■ **TASK GOAL**: After locating the line that holds "Location: Outdoor (Nature)", copy that line and all that follow it word for word through the end of the data, with no pictures.

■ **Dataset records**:
• • • •

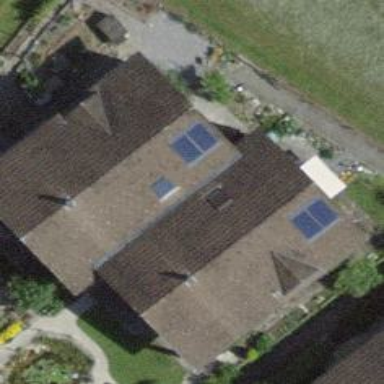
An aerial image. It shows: Solar power generator.
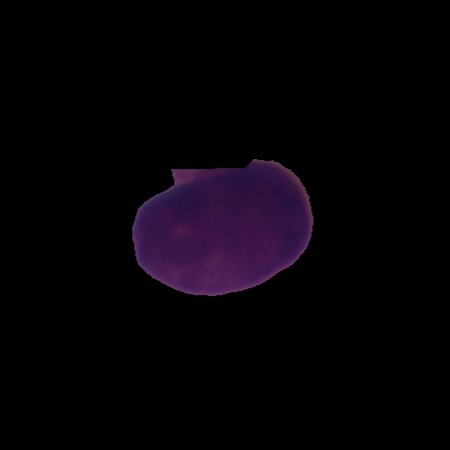
Label: healthy
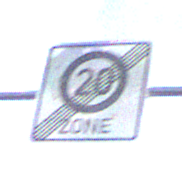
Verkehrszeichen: EndeZone20
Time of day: SunriseSunset
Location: Outdoor (Nature)
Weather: PartlyCloudy
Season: NotSpecified
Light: Natural
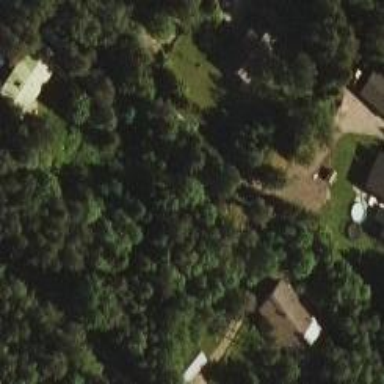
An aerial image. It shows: Driveway.
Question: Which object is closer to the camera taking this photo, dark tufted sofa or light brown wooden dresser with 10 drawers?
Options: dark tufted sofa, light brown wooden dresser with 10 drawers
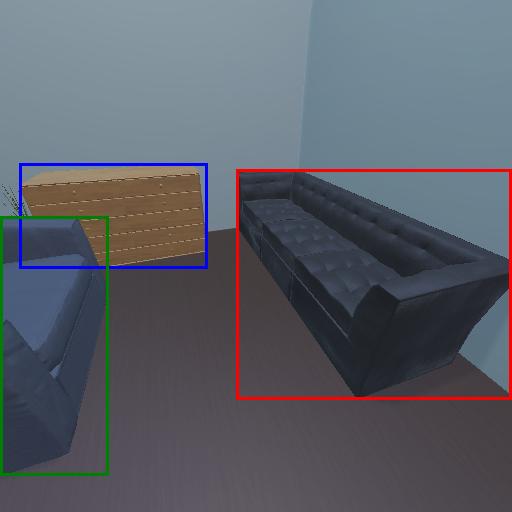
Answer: dark tufted sofa
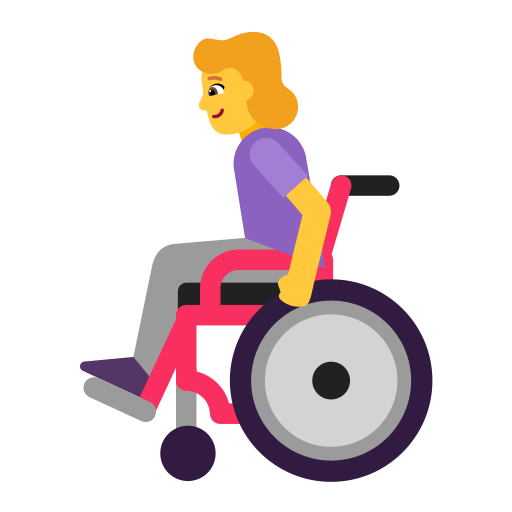
woman in manual wheelchair flat default
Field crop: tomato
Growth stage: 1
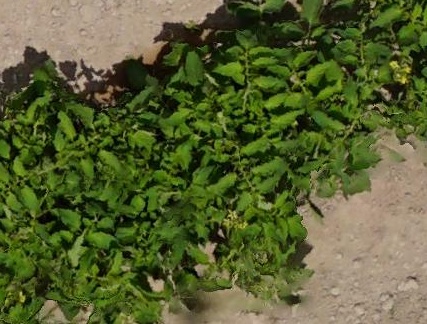
Species: tomato
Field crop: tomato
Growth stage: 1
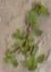
Species: portulaca
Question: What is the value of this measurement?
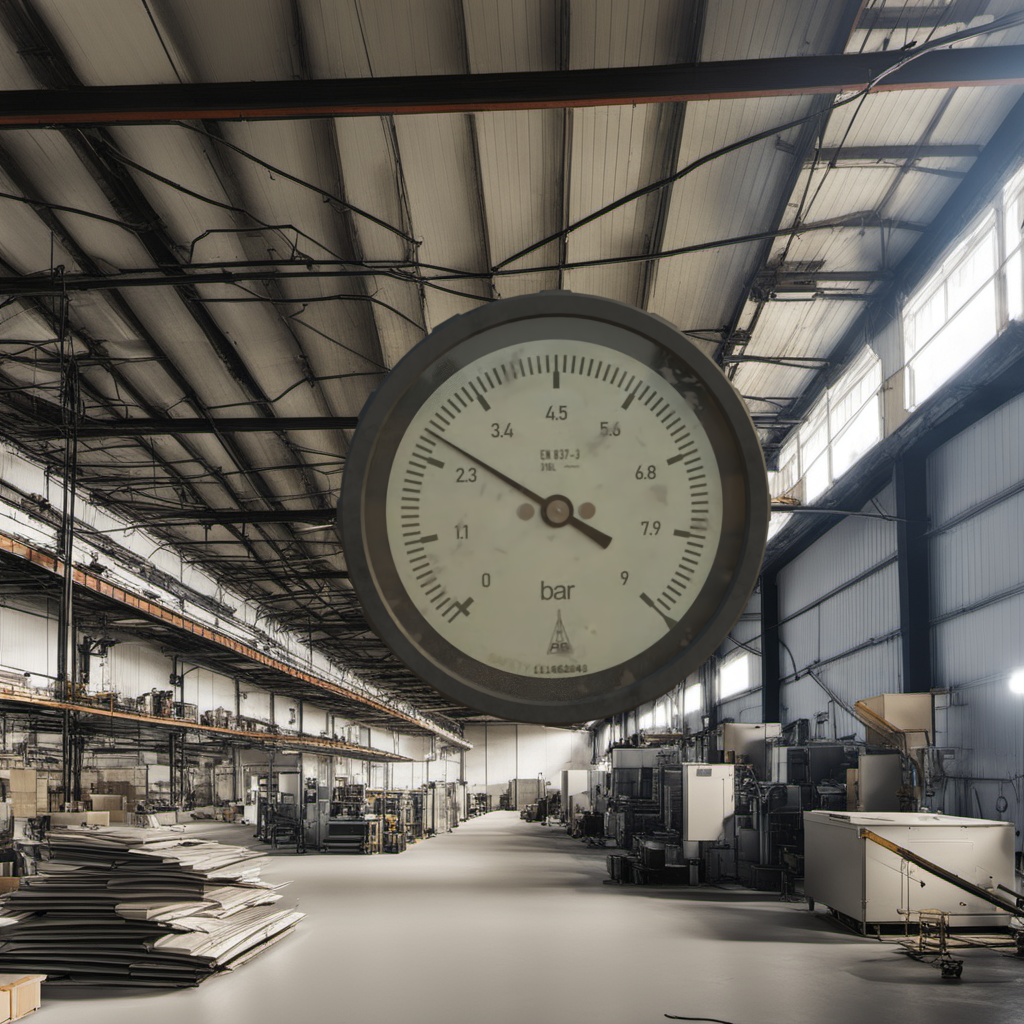
Answer: The result is 2.61
Question: What is the reading range of this measurement?
Answer: The range is from 0 to 9
Question: What is the minimum and maximum value range of the measurement in the image?
Answer: The minimum value is 0 and the maximum value is 9
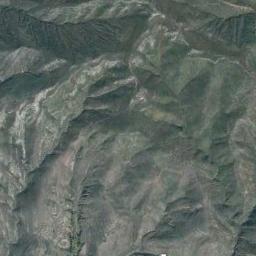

• • • •

■ **ANSWER FOR THIS EXERCISE**:
Location: Outdoor (Nature)
Weather: PartlyCloudy
Season: NotSpecified
Light: Natural
An aerial image. It shows: Driveway.
Question: Which object is closer to the camera taking this photo, dark tufted sofa or light brown wooden dresser with 10 drawers?
Options: dark tufted sofa, light brown wooden dresser with 10 drawers
Answer: dark tufted sofa
woman in manual wheelchair flat default
Field crop: tomato
Growth stage: 1
Species: tomato
Field crop: tomato
Growth stage: 1
Species: portulaca
Question: What is the value of this measurement?
Answer: The result is 2.61
Question: What is the reading range of this measurement?
Answer: The range is from 0 to 9
Question: What is the minimum and maximum value range of the measurement in the image?
Answer: The minimum value is 0 and the maximum value is 9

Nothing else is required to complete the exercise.